Dazu kommt, dass der aktuelle McLaren ein übersteuerndes Auto ist, was unter anderem auf das Verbot des abgasangeblasenen Diffusors zurückzuführen ist. Mit dieser Charakteristik kommt Teamkollege Hamilton deutlich besser zurecht als Button. Zur Erinnerung: Selbst in seinem Titeljahr 2009 kam der Brite in den Genuss des Doppeldiffusors, der bei seinem Boliden eine stabile Heckpartie gewährleistete - der abgasangeblasene Diffusor hatte einen ähnlichen Effekt.
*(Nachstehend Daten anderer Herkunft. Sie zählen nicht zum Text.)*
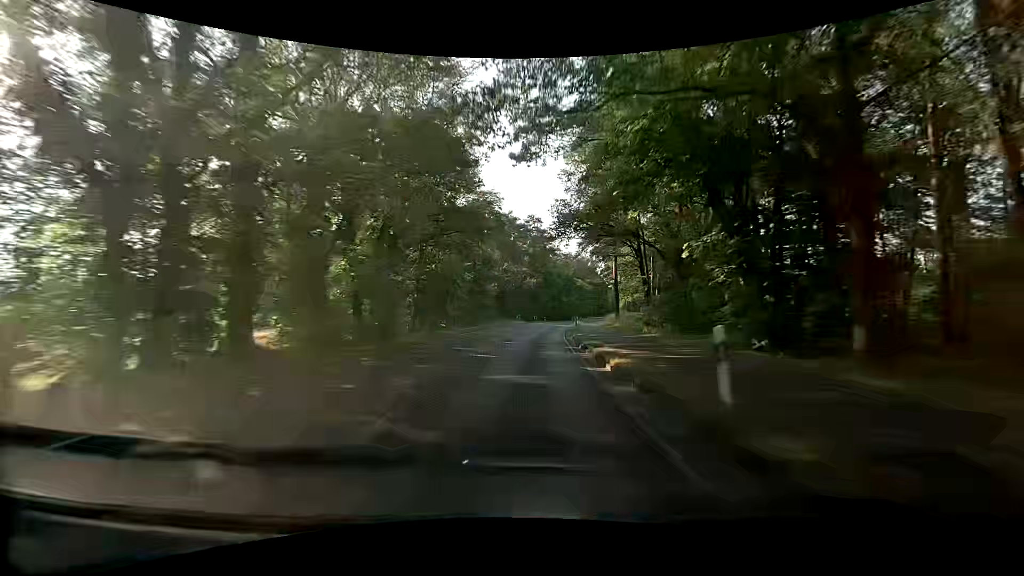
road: secondary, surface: asphalt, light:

Durch das Verbot wurden die Autos unruhiger - und der derzeit schwächelnde McLaren-Fahrer gab gegenüber 'Sky' vor einigen Wochen zu, dass dies für seinen Fahrstil eher ein Nachteil ist.

"Du hast ein Problem, wenn du Unter- oder Übersteuern bekommst, denn das Rutschen ist dann ungewohntes Terrain." Jenson Button

Denn während es aggressive Fahrer angesichts ihres Fahrstils gewohnt sind, mit einem rutschenden Auto durch die Kurven zu rasen, ist dies nicht Teil von Buttons Kurventechnik. "Du hast ein Problem, wenn du Unter- oder Übersteuern bekommst, denn das Rutschen ist dann ungewohntes Terrain", bestätigt er. "Die aggressiven Fahrer mögen das Rutschen und fühlen sich damit sehr wohl, andere kommen damit gar nicht klar."

Ehe zwischen McLaren und Button auf dem Prüfstand

Die katastrophale Leistung in Montreal sollte Button aber rasch abhaken, denn sie war auch ein Resultat des verpatzten Freitags, als er wegen technischer Probleme kaum zum Fahren gekommen war. Und wenn man ohnehin schon in Problemen steckt, dann ist ein derartiger Rückschlag nicht gerade hilfreich. Ein weiterer Hoffnungsschimmer ist der tolle Sieg in Melbourne, der bewiesen hat, dass die aktuelle Fahrzeuggeneration und Buttons Fahrstil nicht grundsätzlich im Widerspruch zueinander stehen.


Fotos: Jenson Button, Großer Preis von Kanada


Eines ist klar: Die aktuelle Krise Buttons wird beweisen, ob es sich bei seinen Aussagen im vergangenen Jahr, wie wohl er sich bei McLaren fühle, um wahres gegenseitiges Vertrauen oder bloß um Lippenbekenntnisse handelte. "Niemand zeigt mit dem Finger auf den anderen", schildert er in Kanada, dass der Zusammenhalt nach wie vor passt. "Das spricht für das Team und für mich. Jetzt müssen wir uns hinsetzen und die Probleme finden. Jedes Mal, wenn ich den Helm aufsetze und ins Auto einsteige, bin ich zuversichtlich, dass wir die Probleme gelöst haben und ich um den Sieg kämpfen kann. Es ist nicht so, dass ich mir denke, schon wieder das gleiche."

"Niemand zeigt mit dem Finger auf den anderen." Jenson Button

Button macht seiner Mannschaft Mut und übt sich in Durchhalteparolen: "Wir werden es herausfinden, denn es handelt sich um ein großes Team, das viele Rennen und Weltmeisterschaften gewonnen hat - wir haben viele großartige Rennen gemeinsam gewonnen. Ich werde die Probleme lösen - oder besser gesagt: Wir werden die Probleme gemeinsam lösen."